Monday, Mar. 28, 1927

Republic Supervised

Last week as President Borno, of Haiti, heard the combined U. S. fleet boom out the full presidential salute of 21 guns in his honor Brigadier General John H. Russell, U. S. High Commissioner of Haiti, quietly sent his annual report to Secretary of State Kellogg at Washington. Praise he gave to President Borno's administration; his report on the judicial system was less favorable, more revealing. "Trials by jury" he said, "are farcical. The jury is always opposed to the government. . . " The customs receipts had increased, he reported, under U. S. supervision. Meanwhile at the Haitian border, Negro gendarmes under the command of U. S. onetime marines, waited in vain to arrest U. S. Senator King who announced he would not try to enter the country over President Borno's ban (TIME, March 21).
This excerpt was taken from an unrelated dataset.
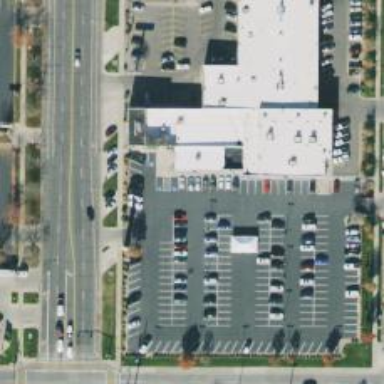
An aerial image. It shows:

Puzzled U. S. citizens pondered. The Department of State had said: "Haiti is a sovereign republic." Thus, the U. S. expressed its inability to persuade President Borno to allow Senator King to enter on his tour of investigation. But, citizens argued, a U. S. High Commissioner passes judgment on President Borno's administration, the U. S. controls Haiti's customs, one-time U. S. marines command Haiti's gendarmerie.*

And though Haiti's juries are filled with men hostile to the government and to the President, Mr. Borno remains in power. Is it possible, they asked, that Senator King is right, that "Commissioner Russell is the power in Haiti," that there is there "an American bayonet rule"?

* The Republic of Haiti, a onetime French colony, was proclaimed independent Jan. 1, 1804 It is now governed by a constitution [ratified June 12, 1918]. In November, 1915 the Haiti Congress ratified a treaty with the U. S. that established a virtual U. S. protectorate.